• [Dataset excerpts]:
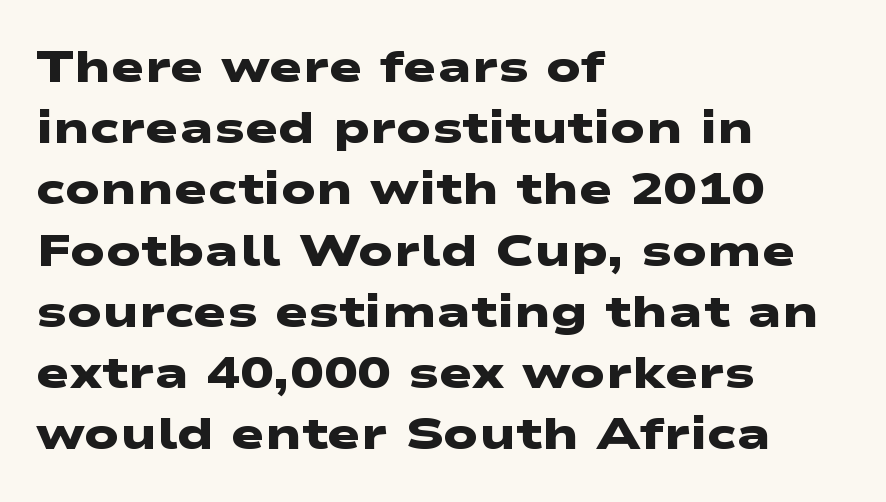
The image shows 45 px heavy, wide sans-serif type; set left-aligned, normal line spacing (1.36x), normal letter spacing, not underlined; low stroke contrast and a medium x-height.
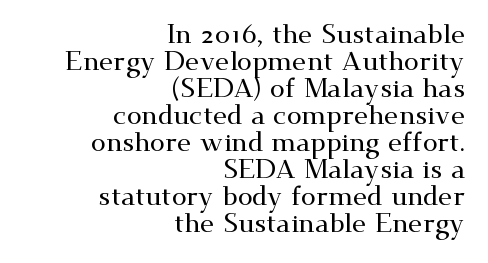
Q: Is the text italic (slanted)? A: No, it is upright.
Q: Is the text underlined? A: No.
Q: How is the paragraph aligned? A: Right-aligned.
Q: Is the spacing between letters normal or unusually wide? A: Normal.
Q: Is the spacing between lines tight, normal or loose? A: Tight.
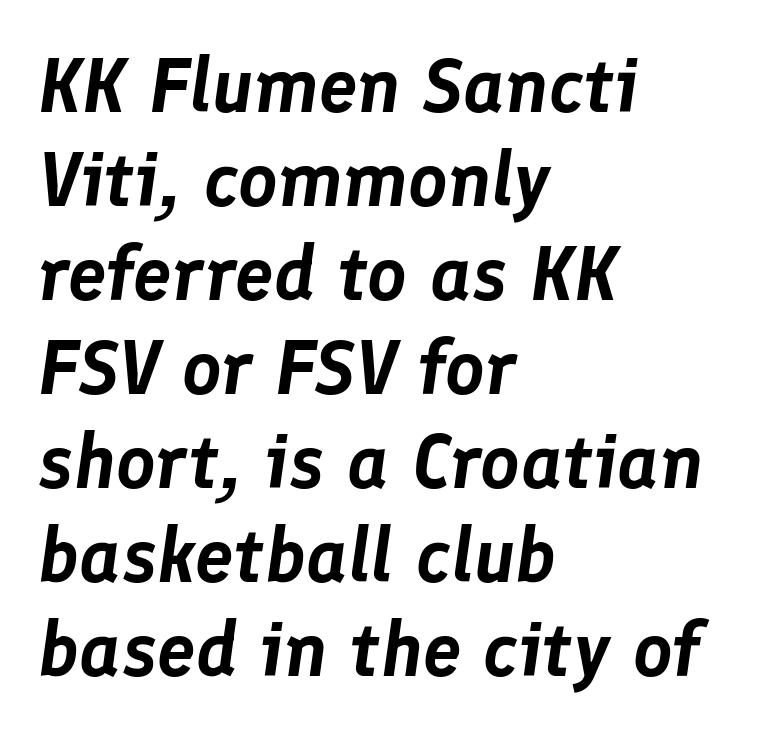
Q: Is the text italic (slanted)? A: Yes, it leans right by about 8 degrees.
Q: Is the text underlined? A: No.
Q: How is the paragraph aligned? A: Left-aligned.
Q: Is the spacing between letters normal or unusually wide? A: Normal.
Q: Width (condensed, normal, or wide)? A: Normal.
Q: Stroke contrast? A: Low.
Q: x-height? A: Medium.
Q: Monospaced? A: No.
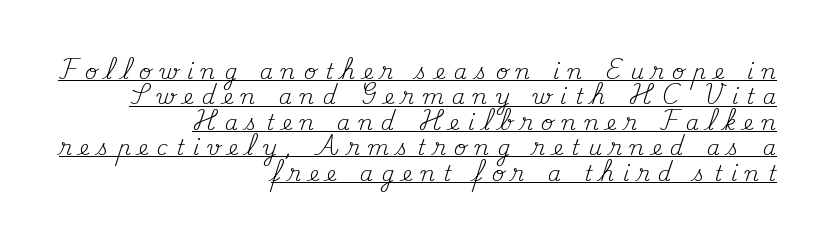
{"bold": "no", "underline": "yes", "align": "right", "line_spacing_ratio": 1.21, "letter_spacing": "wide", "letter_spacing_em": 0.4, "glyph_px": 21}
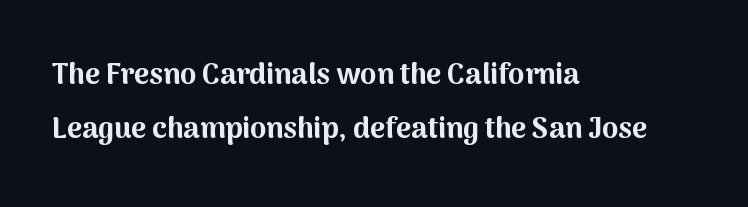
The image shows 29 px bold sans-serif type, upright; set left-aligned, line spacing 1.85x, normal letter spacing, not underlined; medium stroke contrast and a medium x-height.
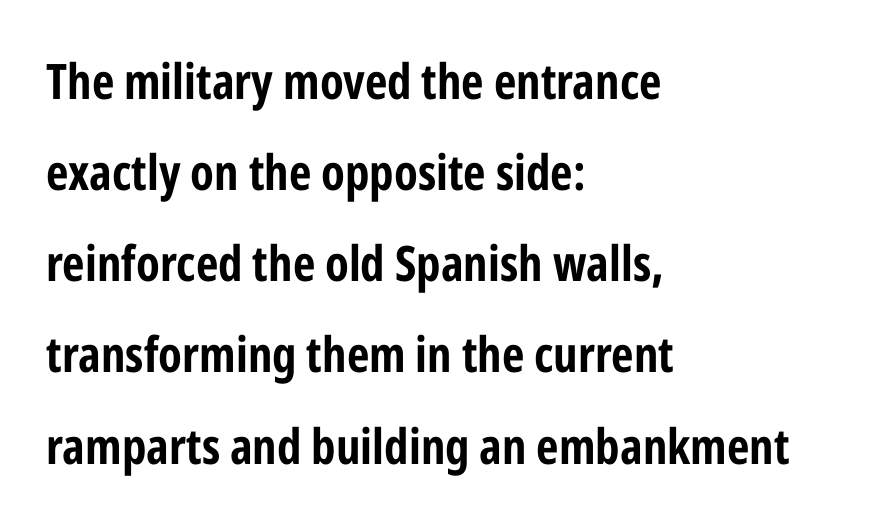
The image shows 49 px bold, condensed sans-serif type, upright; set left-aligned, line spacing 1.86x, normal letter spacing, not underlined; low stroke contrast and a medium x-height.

==

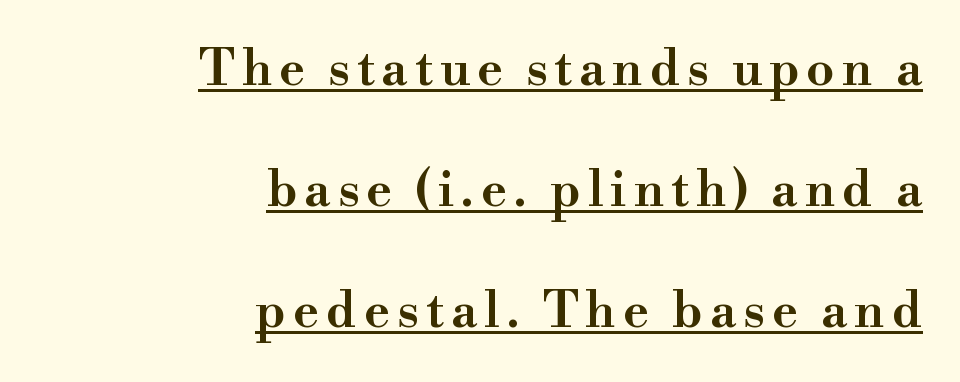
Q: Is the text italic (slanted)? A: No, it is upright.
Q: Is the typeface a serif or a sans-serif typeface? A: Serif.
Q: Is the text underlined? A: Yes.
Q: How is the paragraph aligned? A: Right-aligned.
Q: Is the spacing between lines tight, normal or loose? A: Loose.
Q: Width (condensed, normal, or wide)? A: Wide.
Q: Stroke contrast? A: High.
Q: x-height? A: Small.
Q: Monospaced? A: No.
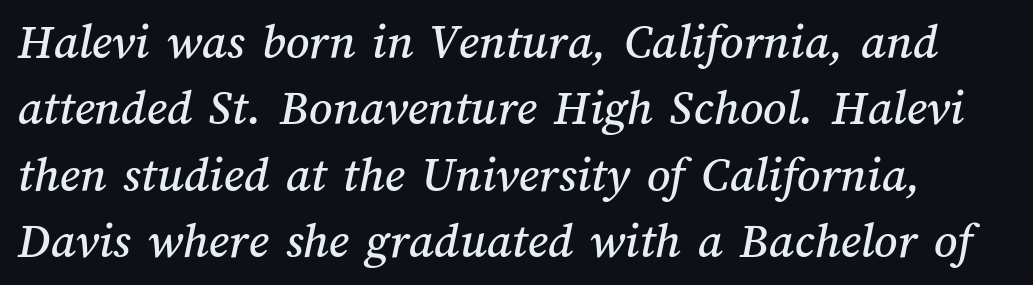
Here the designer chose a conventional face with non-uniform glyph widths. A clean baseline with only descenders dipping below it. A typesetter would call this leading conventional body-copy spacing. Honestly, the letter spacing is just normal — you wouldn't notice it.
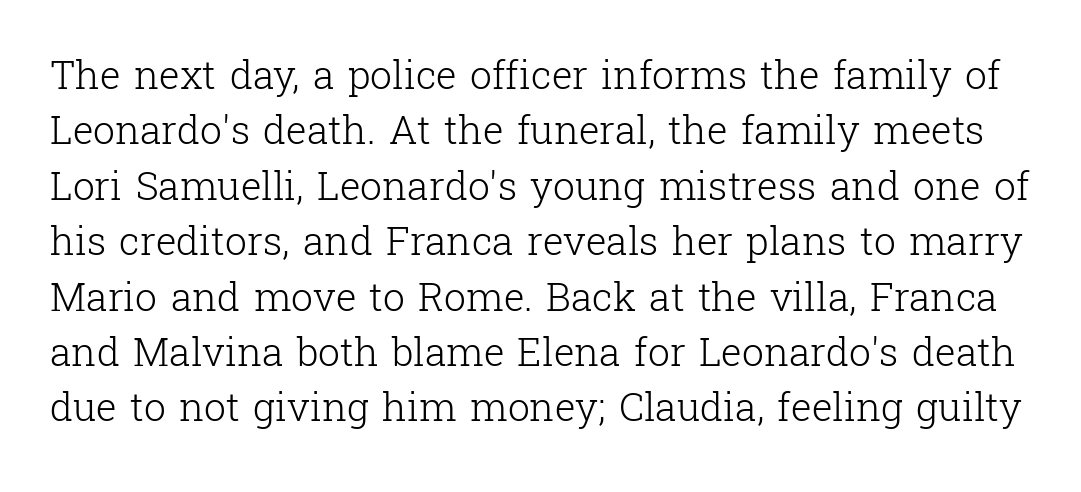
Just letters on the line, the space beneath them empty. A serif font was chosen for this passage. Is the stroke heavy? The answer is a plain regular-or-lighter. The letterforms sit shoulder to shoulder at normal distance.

• [Task item]:
Show every line in the records above that contains the word "lines".

• [Solution for this problem]:
Q: Is the spacing between lines tight, normal or loose? A: Tight.
Q: Is the spacing between lines tight, normal or loose? A: Loose.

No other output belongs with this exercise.